Wednesday, October 22, 2014

Festival Report: Pordenone

I need to thank Moen Mohamed again for contributing this great festival report. - D.D.
DAYS OF SILENCE, NIGHTS OF REST
Le Giornate del Cinema Muto, October 4 - 11, 2014
Pordenone, Italy

Have you ever been to a soirée and within minutes you knew you would want to stay for a long time?  That's how I felt after just a few hours about The Days of Silent Cinema (Le Giornate del Cinema Muto) in Pordenone.  The cultural, artistic and historic significance of this unique festival has become apparent in the world of cinema.  Though similar in theme to Il Cinema Ritrovato in Bologna, it is quite different.  One is reminded that there is a treasure chest of silent films that rarely gets to be opened.  There is hardly a platform anywhere that showcases these films with the length and breadth of the programming as in Pordenone.  Without having any knowledge of the town or doing any research, I was expecting Pordenone to be small and quaint, which is why its modernity took me quite by surprise.  With its fashion shops, chic restaurants and cafés, it clearly wasn't what I expected.  But like many places in Italy, the people in Pordenone are courteous and warm to visitors, particularly those in attendance to the Giornate, as it is called by the festival regulars and organizers.  Upon arrival, the staff at the guest office greeted me with such smiles and warmth as if I had been attending for years. 

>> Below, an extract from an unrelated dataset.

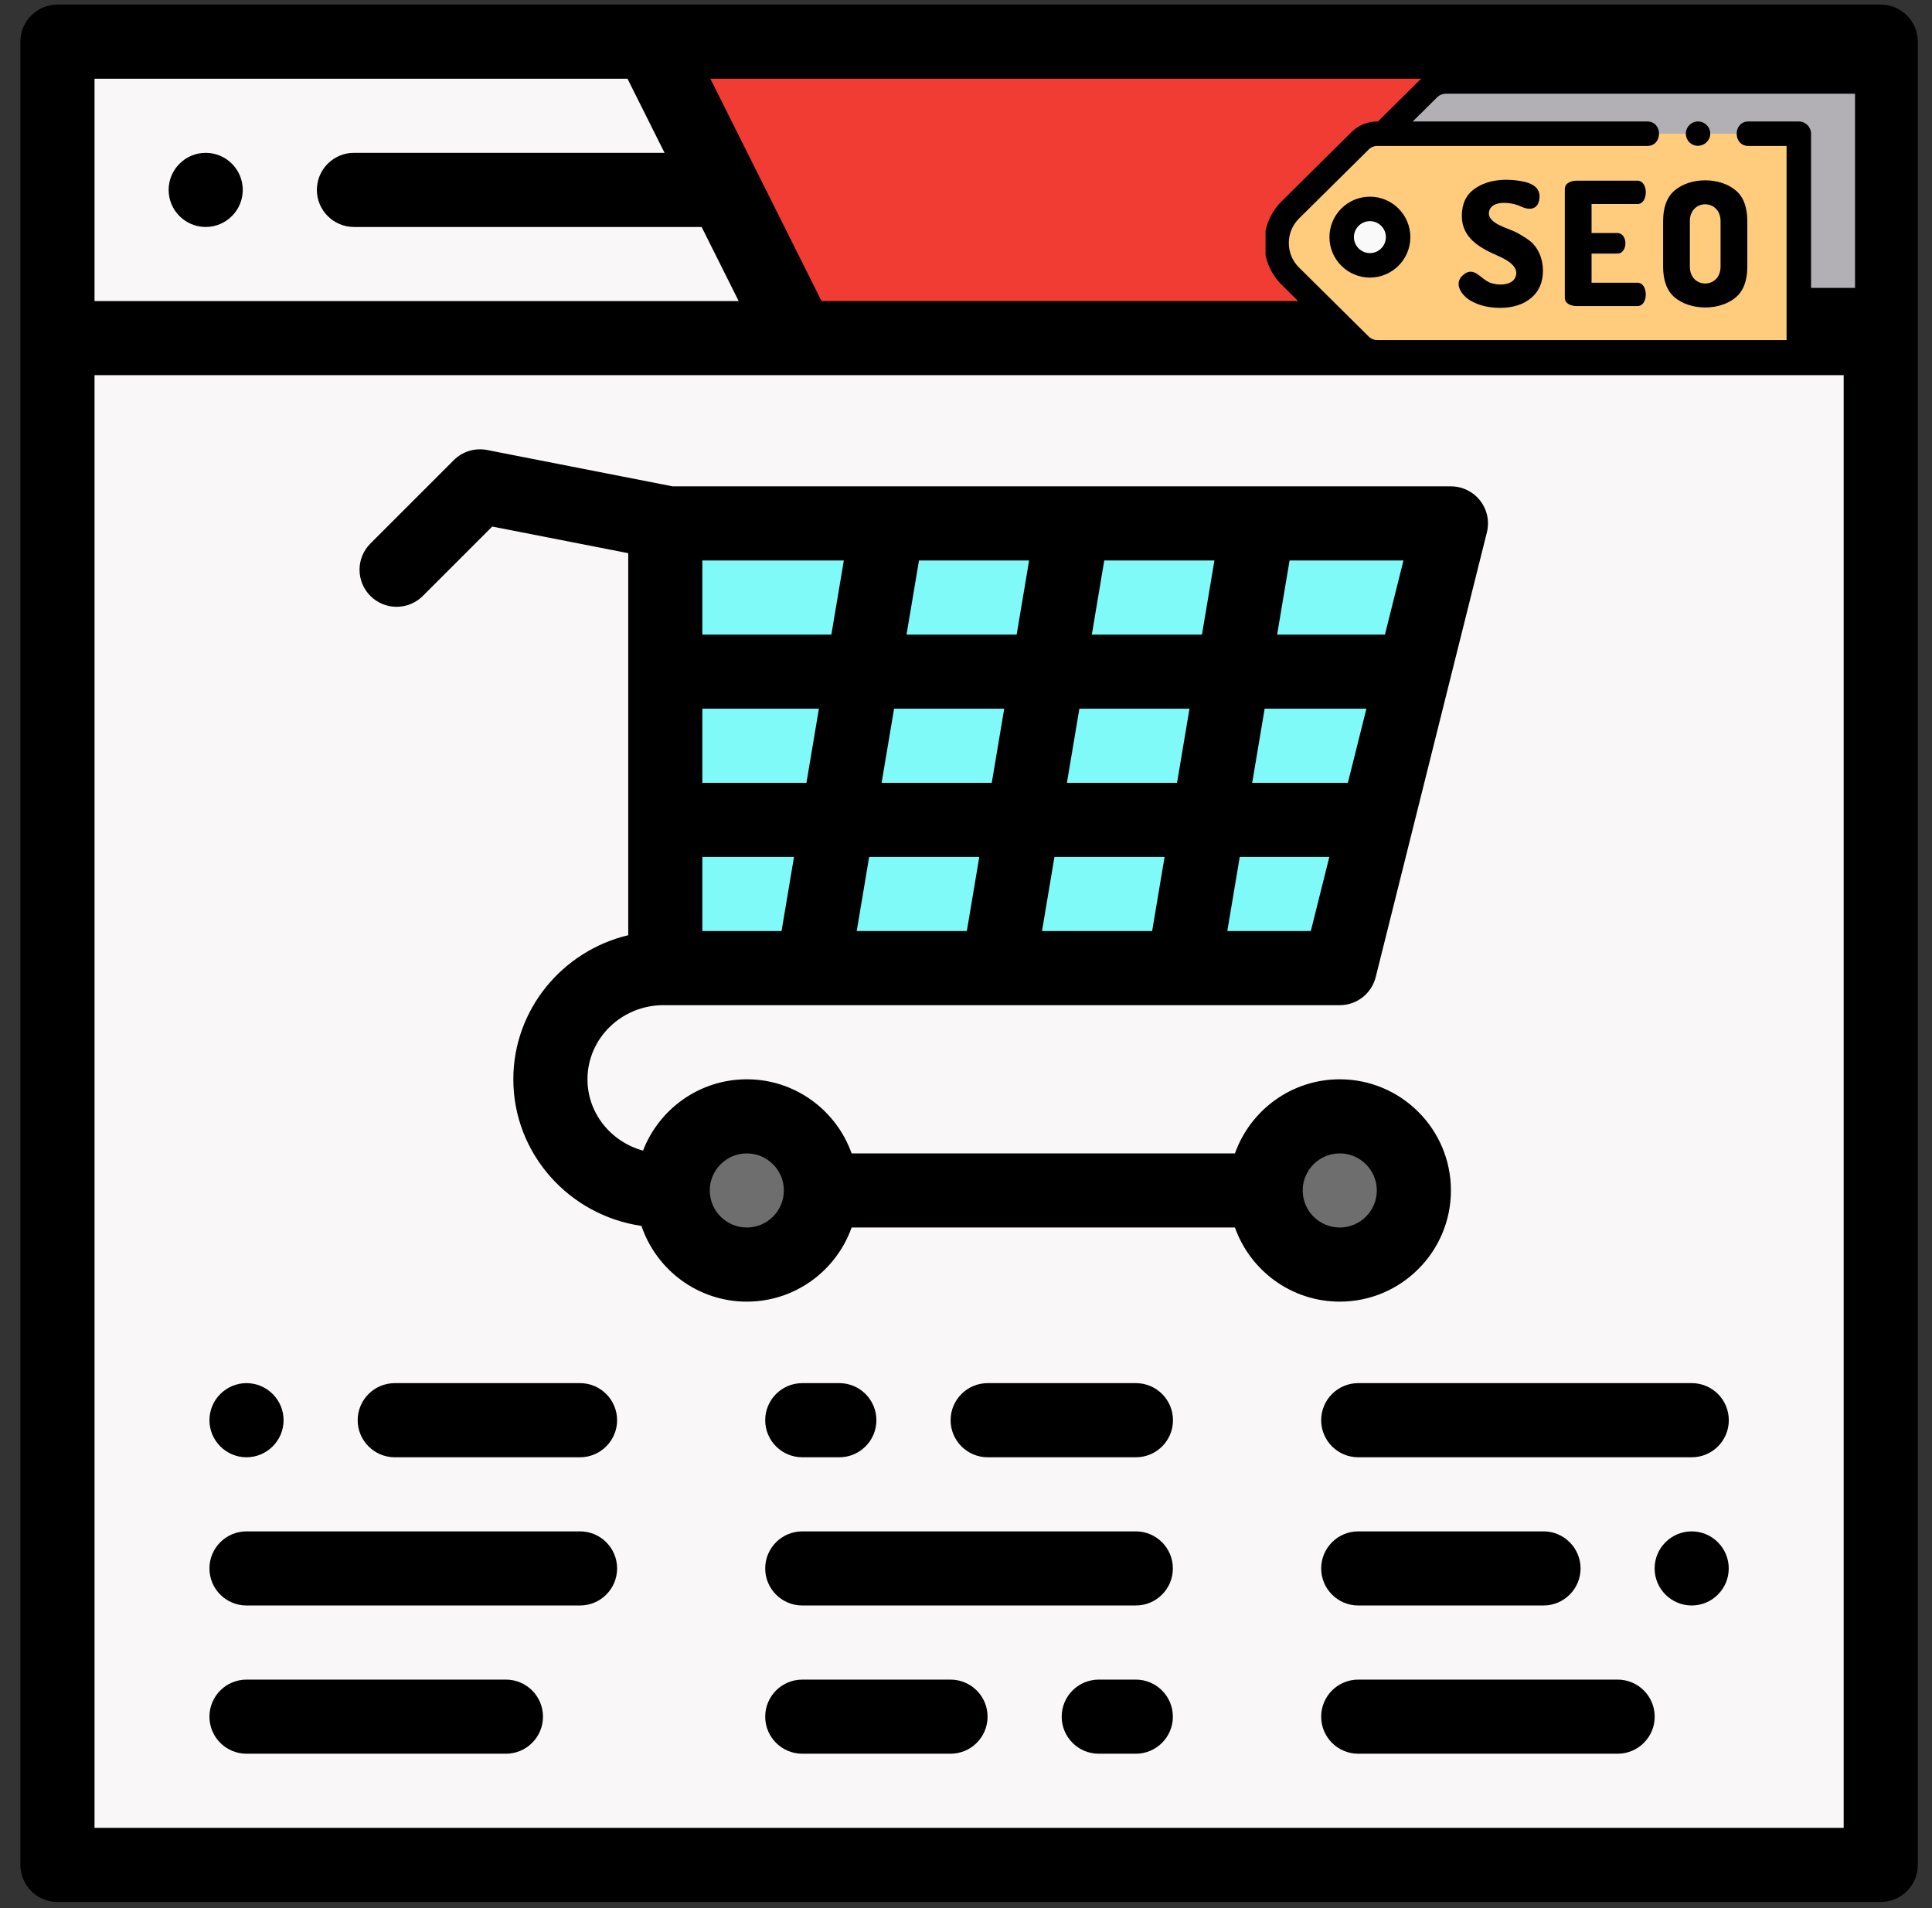<?xml version="1.0" encoding="UTF-8"?> <svg xmlns="http://www.w3.org/2000/svg" width="81" height="80" viewBox="0 0 81 80" fill="none"><rect x="0" y="0" width="81" height="80" fill="#333333" stroke="none"/><g clip-path="url(#clip0_3311_86429)"><path d="M27.27 1.746H78.852V14.176H33.484L27.27 1.746Z" fill="#F03C32"></path><path d="M33.484 14.176L27.269 1.746H2.41V78.188H78.852V14.176H33.484Z" fill="#F9F7F7"></path><path d="M31.307 53.02C33.023 53.02 34.414 51.628 34.414 49.912C34.414 48.196 33.023 46.805 31.307 46.805C29.59 46.805 28.199 48.196 28.199 49.912C28.199 51.628 29.59 53.02 31.307 53.02Z" fill="#6E6E6E"></path><path d="M56.166 53.02C57.882 53.02 59.273 51.628 59.273 49.912C59.273 48.196 57.882 46.805 56.166 46.805C54.45 46.805 53.059 48.196 53.059 49.912C53.059 51.628 54.45 53.02 56.166 53.02Z" fill="#6E6E6E"></path><path d="M27.891 40.59H56.168L60.829 21.945H27.891V40.59Z" fill="#80F9F9"></path><path d="M78.851 0.193H2.409C1.551 0.193 0.855 0.889 0.855 1.747V78.189C0.855 79.047 1.551 79.743 2.409 79.743H78.851C79.709 79.743 80.405 79.047 80.405 78.189V1.747C80.405 0.889 79.709 0.193 78.851 0.193ZM3.963 3.301H26.308L27.862 6.408H14.839C13.983 6.408 13.285 7.106 13.285 7.962C13.285 8.818 13.983 9.516 14.839 9.516H29.416L30.969 12.623H3.963V3.301ZM77.297 76.635H3.963V15.73H77.297V76.635ZM77.297 12.623H34.443L29.782 3.301H77.297V12.623Z" fill="black"></path><path d="M66.421 9.516C67.278 9.516 67.975 8.82 67.975 7.962C67.975 7.104 67.278 6.408 66.421 6.408C65.563 6.408 64.867 7.104 64.867 7.962C64.867 8.82 65.563 9.516 66.421 9.516Z" fill="black"></path><path d="M72.636 9.516C73.493 9.516 74.189 8.82 74.189 7.962C74.189 7.104 73.493 6.408 72.636 6.408C71.778 6.408 71.082 7.104 71.082 7.962C71.082 8.82 71.778 9.516 72.636 9.516Z" fill="black"></path><path d="M60.206 9.516C61.064 9.516 61.76 8.82 61.76 7.962C61.76 7.104 61.064 6.408 60.206 6.408C59.348 6.408 58.652 7.104 58.652 7.962C58.652 8.82 59.348 9.516 60.206 9.516Z" fill="black"></path><path d="M8.624 6.408C7.768 6.408 7.07 7.106 7.07 7.962C7.07 8.818 7.768 9.516 8.624 9.516C9.48 9.516 10.178 8.818 10.178 7.962C10.178 7.106 9.48 6.408 8.624 6.408Z" fill="black"></path><path d="M39.85 70.42H33.636C32.778 70.42 32.082 71.116 32.082 71.974C32.082 72.832 32.778 73.527 33.636 73.527H39.85C40.709 73.527 41.404 72.832 41.404 71.974C41.404 71.116 40.709 70.42 39.85 70.42Z" fill="black"></path><path d="M47.619 70.42H46.065C45.207 70.42 44.512 71.116 44.512 71.974C44.512 72.832 45.207 73.527 46.065 73.527H47.619C48.477 73.527 49.173 72.832 49.173 71.974C49.173 71.116 48.477 70.42 47.619 70.42Z" fill="black"></path><path d="M47.619 64.205H33.636C32.778 64.205 32.082 64.901 32.082 65.759C32.082 66.617 32.778 67.312 33.636 67.312H47.619C48.477 67.312 49.173 66.617 49.173 65.759C49.173 64.901 48.477 64.205 47.619 64.205Z" fill="black"></path><path d="M47.624 57.99H41.409C40.551 57.99 39.855 58.686 39.855 59.544C39.855 60.402 40.551 61.098 41.409 61.098H47.624C48.482 61.098 49.178 60.402 49.178 59.544C49.178 58.686 48.482 57.99 47.624 57.99Z" fill="black"></path><path d="M33.636 61.098H35.189C36.047 61.098 36.743 60.402 36.743 59.544C36.743 58.686 36.047 57.99 35.189 57.99H33.636C32.778 57.99 32.082 58.686 32.082 59.544C32.082 60.402 32.778 61.098 33.636 61.098Z" fill="black"></path><path d="M21.211 70.42H10.335C9.477 70.42 8.781 71.116 8.781 71.974C8.781 72.832 9.477 73.527 10.335 73.527H21.211C22.069 73.527 22.765 72.832 22.765 71.974C22.765 71.116 22.069 70.42 21.211 70.42Z" fill="black"></path><path d="M24.318 64.205H10.335C9.477 64.205 8.781 64.901 8.781 65.759C8.781 66.617 9.477 67.312 10.335 67.312H24.318C25.176 67.312 25.872 66.617 25.872 65.759C25.872 64.901 25.176 64.205 24.318 64.205Z" fill="black"></path><path d="M10.335 61.098C11.191 61.098 11.889 60.4 11.889 59.544C11.889 58.688 11.191 57.99 10.335 57.99C9.479 57.99 8.781 58.688 8.781 59.544C8.781 60.4 9.479 61.098 10.335 61.098Z" fill="black"></path><path d="M24.318 57.99H16.55C15.694 57.99 14.996 58.688 14.996 59.544C14.996 60.4 15.694 61.098 16.55 61.098H24.318C25.174 61.098 25.872 60.4 25.872 59.544C25.872 58.688 25.174 57.99 24.318 57.99Z" fill="black"></path><path d="M67.82 70.42H56.944C56.086 70.42 55.391 71.116 55.391 71.974C55.391 72.832 56.086 73.527 56.944 73.527H67.82C68.678 73.527 69.374 72.832 69.374 71.974C69.374 71.116 68.678 70.42 67.82 70.42Z" fill="black"></path><path d="M56.944 67.312H64.713C65.569 67.312 66.266 66.615 66.266 65.759C66.266 64.903 65.569 64.205 64.713 64.205H56.944C56.088 64.205 55.391 64.903 55.391 65.759C55.391 66.615 56.088 67.312 56.944 67.312Z" fill="black"></path><path d="M70.925 64.205C70.069 64.205 69.371 64.903 69.371 65.759C69.371 66.615 70.069 67.312 70.925 67.312C71.781 67.312 72.478 66.615 72.478 65.759C72.478 64.903 71.781 64.205 70.925 64.205Z" fill="black"></path><path d="M55.391 59.544C55.391 60.402 56.086 61.098 56.944 61.098H70.928C71.786 61.098 72.481 60.402 72.481 59.544C72.481 58.686 71.786 57.99 70.928 57.99H56.944C56.086 57.99 55.391 58.686 55.391 59.544Z" fill="black"></path><path d="M20.423 18.867C19.915 18.768 19.391 18.927 19.025 19.293L15.529 22.789C14.922 23.395 14.922 24.379 15.529 24.986C15.833 25.289 16.23 25.441 16.628 25.441C17.026 25.441 17.423 25.289 17.727 24.986L20.637 22.076L26.339 23.193V39.21C23.579 39.868 21.522 42.326 21.522 45.251C21.522 48.368 23.859 50.957 26.894 51.398C27.516 53.241 29.26 54.573 31.311 54.573C33.336 54.573 35.063 53.274 35.704 51.465H51.776C52.417 53.274 54.144 54.573 56.17 54.573C58.74 54.573 60.831 52.482 60.831 49.912C60.831 47.342 58.74 45.251 56.17 45.251C54.144 45.251 52.417 46.55 51.776 48.358H35.704C35.063 46.55 33.336 45.251 31.311 45.251C29.329 45.251 27.633 46.494 26.96 48.241C25.618 47.876 24.63 46.675 24.63 45.251C24.63 43.537 26.058 42.143 27.815 42.143C27.828 42.143 56.17 42.143 56.17 42.143C56.883 42.143 57.504 41.658 57.677 40.966L62.338 22.322C62.454 21.858 62.35 21.366 62.055 20.989C61.761 20.612 61.309 20.391 60.831 20.391H28.199L20.423 18.867ZM56.17 48.358C57.026 48.358 57.723 49.055 57.723 49.912C57.723 50.768 57.026 51.465 56.17 51.465C55.313 51.465 54.616 50.768 54.616 49.912C54.616 49.055 55.313 48.358 56.17 48.358ZM31.311 48.358C32.167 48.358 32.864 49.055 32.864 49.912C32.864 50.768 32.167 51.465 31.311 51.465C30.454 51.465 29.757 50.768 29.757 49.912C29.757 49.055 30.454 48.358 31.311 48.358ZM54.066 23.499H58.841L58.064 26.606H53.544L54.066 23.499ZM53.021 29.714H57.287L56.51 32.821H52.499L53.021 29.714ZM51.977 35.928H55.733L54.956 39.036H51.455L51.977 35.928ZM46.297 23.499H50.915L50.393 26.606H45.775L46.297 23.499ZM45.253 29.714H49.87L49.348 32.821H44.731L45.253 29.714ZM44.208 35.928H48.826L48.304 39.036H43.686L44.208 35.928ZM38.529 23.499H43.146L42.624 26.606H38.007L38.529 23.499ZM37.484 29.714H42.102L41.58 32.821H36.962L37.484 29.714ZM36.44 35.928H41.057L40.535 39.036H35.918L36.44 35.928ZM29.446 23.499H35.378L34.856 26.606H29.446V23.499ZM29.446 29.714H34.333L33.811 32.821H29.446V29.714ZM29.446 35.928H33.289L32.767 39.036H29.446V35.928Z" fill="black"></path><g clip-path="url(#clip1_3311_86429)"><path d="M58.094 5.497L59.896 3.713C60.088 3.523 60.348 3.416 60.618 3.416H78.289V12.581H75.546" fill="#B3B0B5"></path><path d="M73.307 5.607H75.419V14.773H57.748C57.477 14.773 57.218 14.666 57.026 14.476L54.105 11.583C53.33 10.816 53.33 9.564 54.105 8.797L57.026 5.904C57.218 5.714 57.477 5.607 57.748 5.607H69.065" fill="#FFCB7C"></path><path d="M58.616 9.941C58.616 10.594 58.087 11.124 57.433 11.124C56.78 11.124 56.25 10.594 56.25 9.941C56.25 9.288 56.78 8.758 57.433 8.758C58.087 8.758 58.616 9.288 58.616 9.941Z" fill="#F9F9F9"></path><path d="M78.287 2.904H60.615C60.207 2.904 59.823 3.062 59.533 3.35L57.772 5.093H57.745C57.337 5.093 56.953 5.251 56.663 5.538L53.741 8.431C53.268 8.899 53.008 9.523 53.008 10.188C53.008 10.854 53.268 11.478 53.741 11.946L56.663 14.839C56.953 15.126 57.337 15.284 57.745 15.284H75.416C75.699 15.284 75.929 15.054 75.929 14.771V13.095H78.286C78.57 13.095 78.799 12.866 78.799 12.582V3.417C78.799 3.134 78.57 2.904 78.287 2.904ZM77.773 12.069H75.929V5.606C75.929 5.323 75.699 5.093 75.416 5.093H73.304C72.647 5.093 72.646 6.119 73.304 6.119H74.903V14.258H57.745C57.609 14.258 57.481 14.206 57.384 14.11L54.463 11.217C54.186 10.943 54.034 10.578 54.034 10.188C54.034 9.799 54.186 9.434 54.463 9.16L57.384 6.267C57.481 6.172 57.609 6.119 57.745 6.119H69.062C69.72 6.119 69.721 5.093 69.062 5.093H59.23L60.255 4.078C60.351 3.983 60.479 3.93 60.615 3.93H77.773V12.069Z" fill="black"></path><path d="M57.434 8.246C56.499 8.246 55.738 9.007 55.738 9.942C55.738 10.877 56.499 11.638 57.434 11.638C58.369 11.638 59.13 10.877 59.13 9.942C59.13 9.007 58.369 8.246 57.434 8.246ZM57.434 10.612C57.065 10.612 56.764 10.311 56.764 9.942C56.764 9.572 57.065 9.272 57.434 9.272C57.804 9.272 58.104 9.572 58.104 9.942C58.104 10.311 57.804 10.612 57.434 10.612Z" fill="black"></path><path d="M64.1 10.07C63.932 9.948 63.748 9.835 63.55 9.732C63.219 9.561 62.317 9.363 62.432 8.862C62.549 8.355 63.421 8.491 63.747 8.65C64.115 8.829 64.506 8.807 64.545 8.285C64.587 7.723 63.962 7.606 63.521 7.558C62.933 7.494 62.322 7.567 61.828 7.913C61.468 8.165 61.288 8.545 61.288 9.053C61.288 9.966 62.026 10.384 62.766 10.71C63.086 10.851 63.709 11.138 63.544 11.599C63.402 11.999 62.75 11.974 62.446 11.842C62.07 11.679 61.808 11.178 61.386 11.494C60.886 11.867 61.287 12.402 61.677 12.619C62.022 12.811 62.427 12.907 62.892 12.907C63.428 12.907 63.862 12.769 64.193 12.494C64.524 12.218 64.689 11.834 64.689 11.339C64.689 10.861 64.497 10.36 64.1 10.07Z" fill="black"></path><path d="M68.654 8.554C69.114 8.554 69.119 7.576 68.654 7.576H66.094C65.886 7.576 65.606 7.667 65.606 7.921V12.487C65.606 12.741 65.886 12.832 66.094 12.832H68.654C69.119 12.832 69.114 11.854 68.654 11.854H66.727V10.632H67.806C68.262 10.632 68.257 9.769 67.806 9.769H66.727V8.554H68.654Z" fill="black"></path><path d="M70.208 12.466C70.875 13.033 72.109 13.032 72.775 12.466C73.096 12.192 73.257 11.763 73.257 11.178V9.273C73.257 8.688 73.096 8.259 72.775 7.986C72.108 7.418 70.874 7.419 70.208 7.986C69.887 8.259 69.727 8.688 69.727 9.273V11.178C69.727 11.763 69.887 12.192 70.208 12.466ZM70.848 9.273C70.848 8.329 72.135 8.33 72.135 9.273V11.178C72.135 12.121 70.848 12.124 70.848 11.178V9.273Z" fill="black"></path><path d="M70.907 6.031C71.294 6.284 71.811 5.918 71.685 5.468C71.627 5.257 71.436 5.103 71.217 5.092C70.998 5.081 70.792 5.216 70.713 5.42C70.628 5.641 70.709 5.899 70.907 6.031Z" fill="black"></path></g></g><defs><clipPath id="clip0_3311_86429"><rect width="79.549" height="79.549" fill="white" transform="translate(0.855 0.193)"></rect></clipPath><clipPath id="clip1_3311_86429"><rect width="25.791" height="25.791" fill="white" transform="translate(53.059 -3.846)"></rect></clipPath></defs></svg>

Highly organized and well-run, the festival's screenings are centralized in one location in the middle of the town's main square.  A superb venue indeed is the Teatro Verdi, with its large auditorium plus three balconies.  The soft red velvet seats are fashionably suited to the hardwood floors that run throughout the entire building.  Not to mention the very large screen that works beautifully for all variations of the 1.33 aspect ratio.  No complaints about that screen, it is perfect.  Upon arrival, I was presented with my accreditation which costs a paltry 65 Euros, plus the programme book and a warm welcoming letter from the president and director of the festival.  In addition to the letter, there was supplementary information of every kind that one may need:  supermarket, post-office, pharmacy, emergency etc.  The welcoming letter ends with a most original and amusing wish:  "We want to see you tired, but happy."  There is a welcome and a farewell cocktail party for all pass holders.  Every film is subtitled in English.  What can you say about a festival that flashes a sign on the screen just as the film is about to start that says, "Did you turn off your mobile phone?"

Being a festival of days past and nostalgia, the first dedication upon the screen for my first evening screening was to Peter von Bagh, the artistic director of Il Cinema Ritrovato, Bologna, who recently passed away.  This 33rd edition of the festival was dedicated to him.  Peter's demise has left a vacuum in the world of the studies on classic cinema.  He will always be remembered and missed.  The thunderous applause that greeted this nightly dedication on the screen was so heartfelt and sincere, that I am reminded each day of Bologna's brilliant programming and Peter von Bagh's tradition of excellence.

Like Bologna, the Pordenone audience comprise of archivists, professors, academics, curators and programmers.  It seems everyone either works or studies within the realm of silent/classic cinema.  A Cinema Studies professor from Wisconsin sitting next to me for a film was surprised when I told her I was on vacation and wasn't "working in attendance" at the festival.  She was even more surprised when she found out what my job was.  Snippets of conversation overheard during the festival contain words like, "nitrate print", "inter-negative", "lost print", "Eastman House", "recently rediscovered".  Announced at this year's festival by a representative from the George Eastman house, is a new film festival to be unveiled in May 2015 called The Nitrate Picture Show.  That will be a trip worth taking to Rochester, New York.  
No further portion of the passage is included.